> Task instructions
The expected response is the complete listing below, restated exactly, with its pictures omitted.

> Records provided
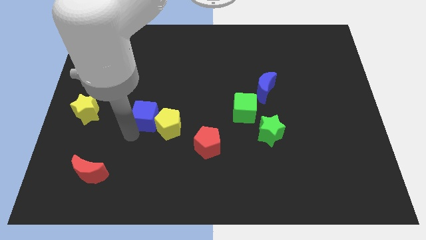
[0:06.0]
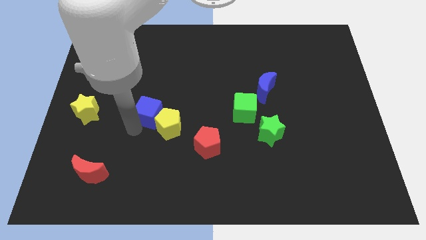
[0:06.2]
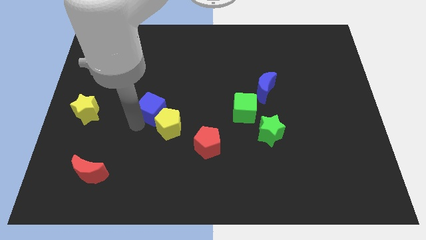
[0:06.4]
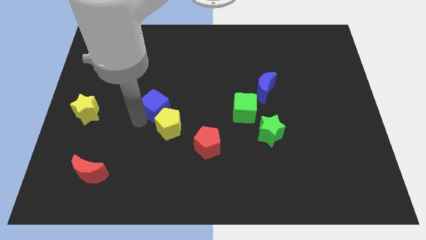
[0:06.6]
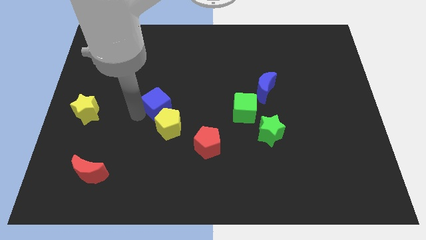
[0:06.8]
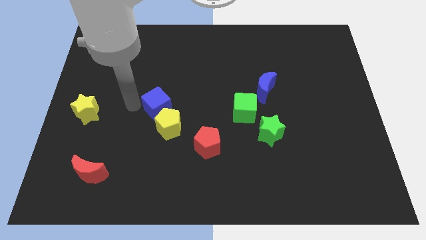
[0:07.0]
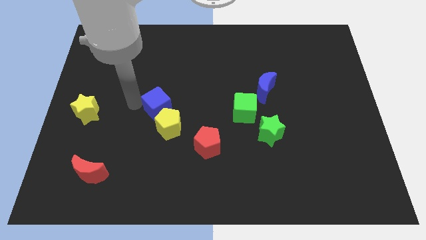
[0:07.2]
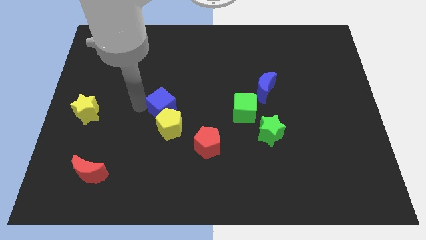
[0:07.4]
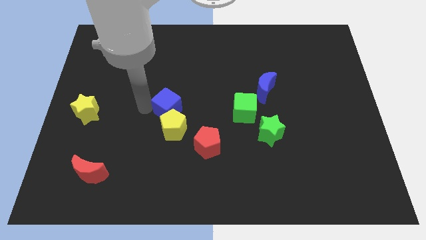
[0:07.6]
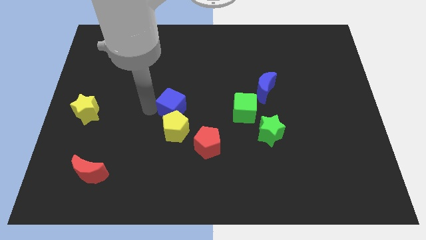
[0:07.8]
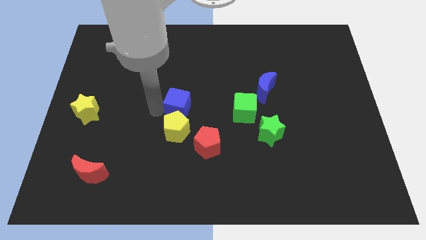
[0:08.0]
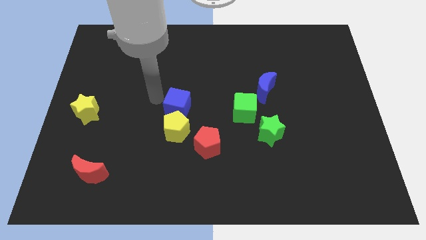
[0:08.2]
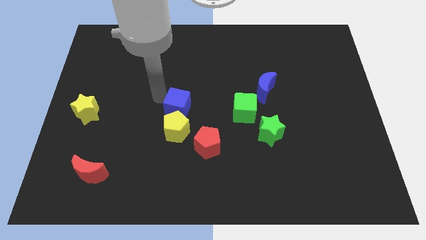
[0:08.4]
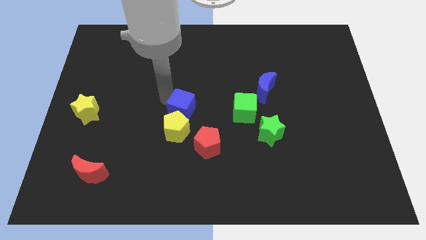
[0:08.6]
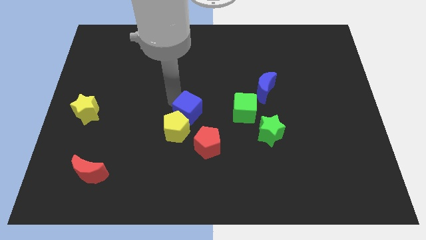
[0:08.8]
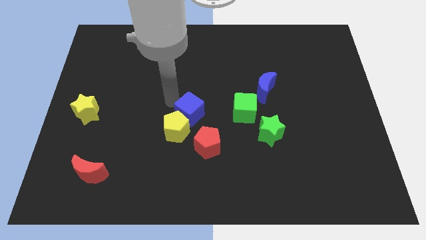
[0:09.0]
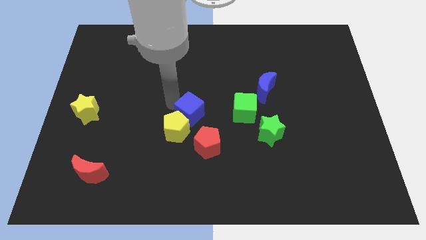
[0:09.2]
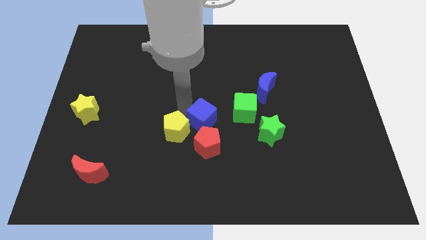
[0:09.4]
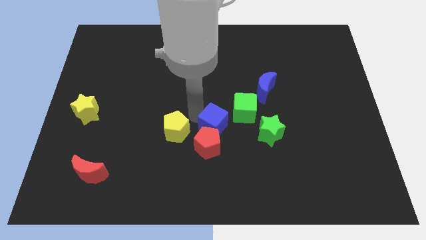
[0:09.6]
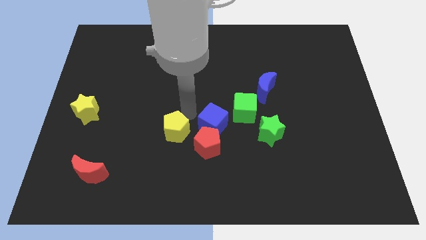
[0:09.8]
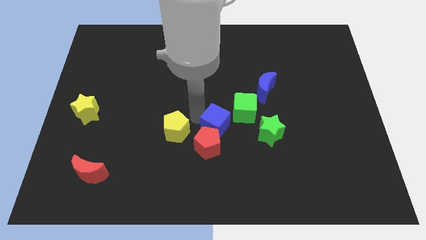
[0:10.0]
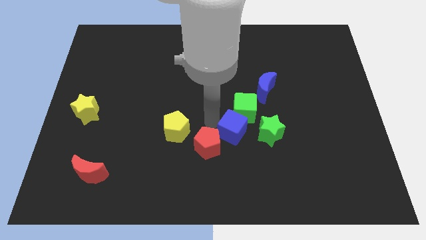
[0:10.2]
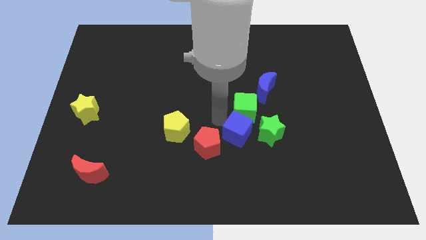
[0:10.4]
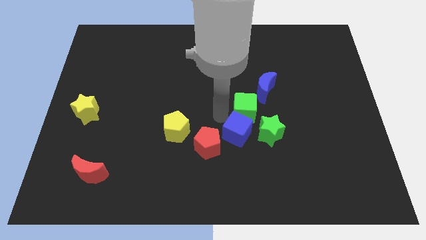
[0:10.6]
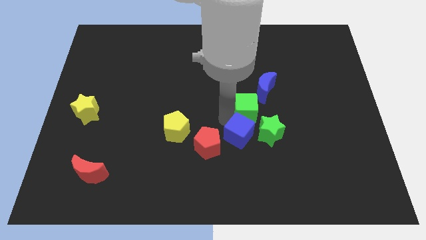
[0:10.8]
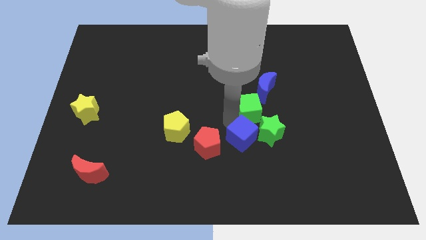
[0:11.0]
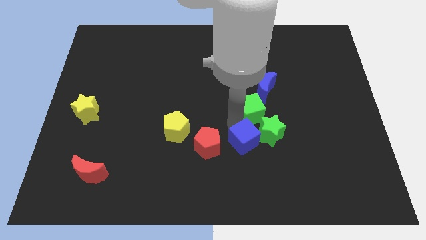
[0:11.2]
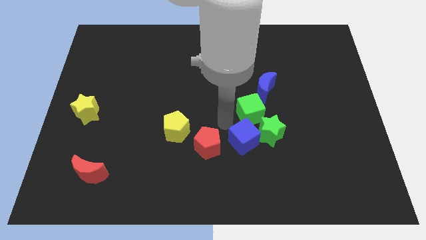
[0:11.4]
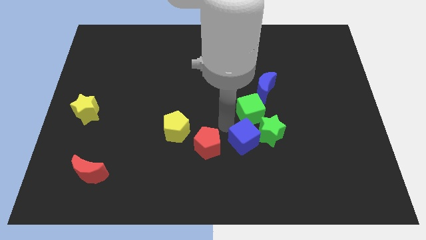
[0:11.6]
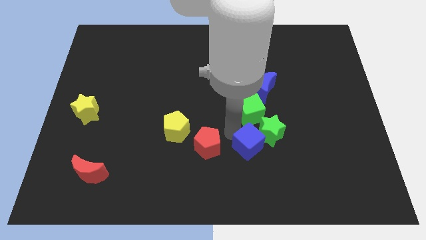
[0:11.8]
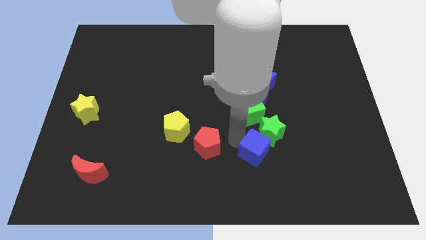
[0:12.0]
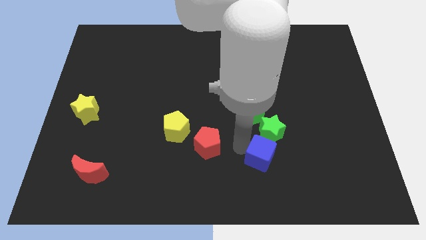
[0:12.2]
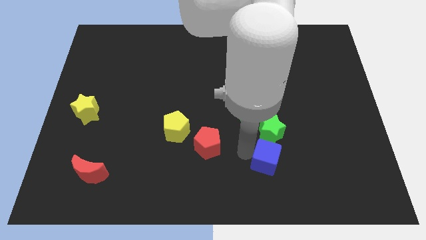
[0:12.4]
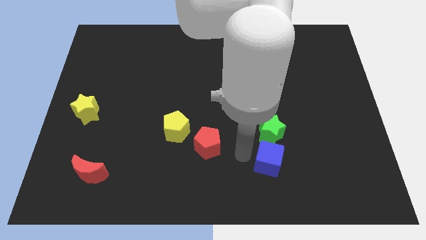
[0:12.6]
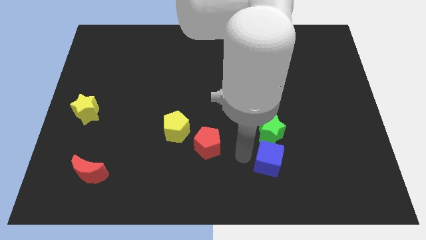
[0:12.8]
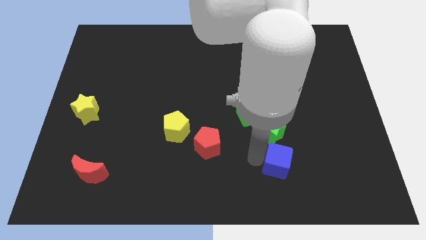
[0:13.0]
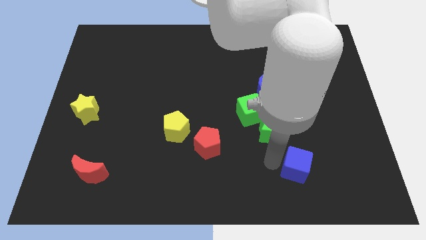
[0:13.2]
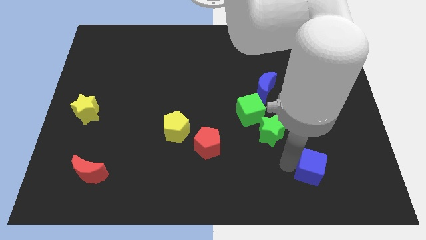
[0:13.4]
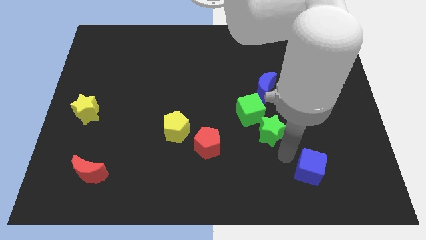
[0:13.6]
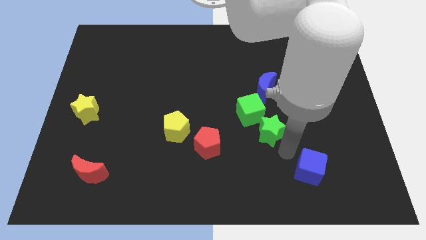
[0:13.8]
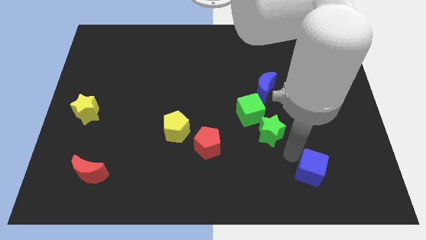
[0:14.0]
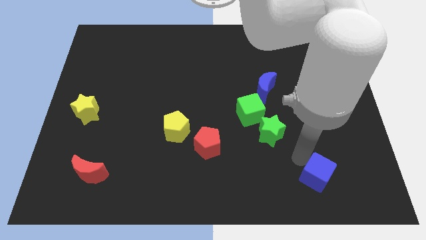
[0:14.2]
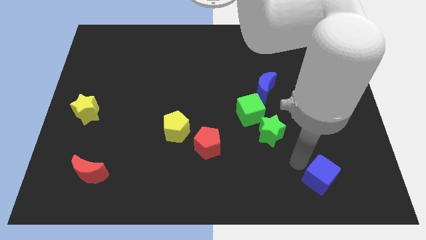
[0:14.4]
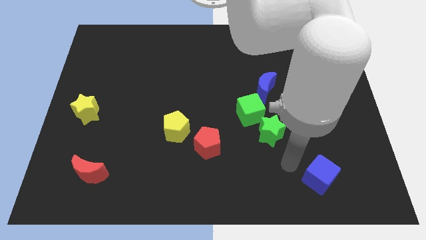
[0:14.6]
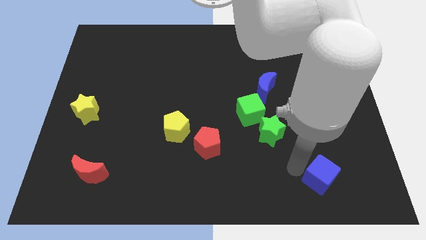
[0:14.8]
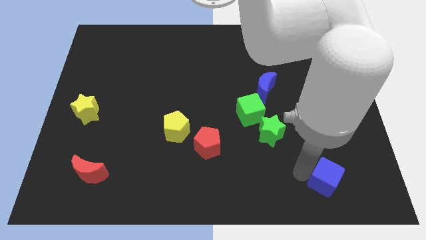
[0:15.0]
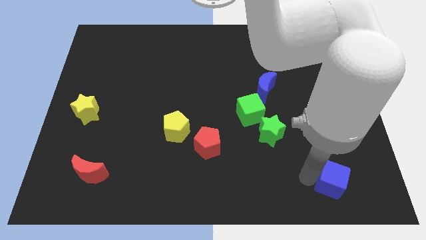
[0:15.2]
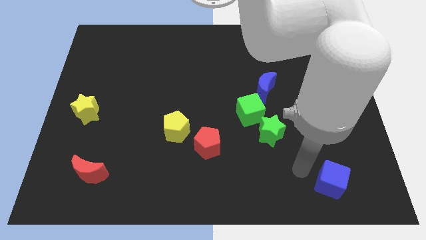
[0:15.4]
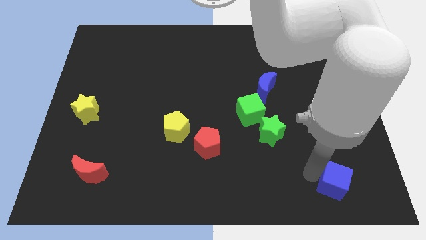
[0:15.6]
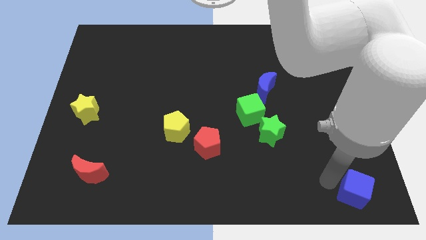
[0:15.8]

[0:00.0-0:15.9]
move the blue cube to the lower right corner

> Written answer
[0:06.0]
[0:06.2]
[0:06.4]
[0:06.6]
[0:06.8]
[0:07.0]
[0:07.2]
[0:07.4]
[0:07.6]
[0:07.8]
[0:08.0]
[0:08.2]
[0:08.4]
[0:08.6]
[0:08.8]
[0:09.0]
[0:09.2]
[0:09.4]
[0:09.6]
[0:09.8]
[0:10.0]
[0:10.2]
[0:10.4]
[0:10.6]
[0:10.8]
[0:11.0]
[0:11.2]
[0:11.4]
[0:11.6]
[0:11.8]
[0:12.0]
[0:12.2]
[0:12.4]
[0:12.6]
[0:12.8]
[0:13.0]
[0:13.2]
[0:13.4]
[0:13.6]
[0:13.8]
[0:14.0]
[0:14.2]
[0:14.4]
[0:14.6]
[0:14.8]
[0:15.0]
[0:15.2]
[0:15.4]
[0:15.6]
[0:15.8]

[0:00.0-0:15.9]
move the blue cube to the lower right corner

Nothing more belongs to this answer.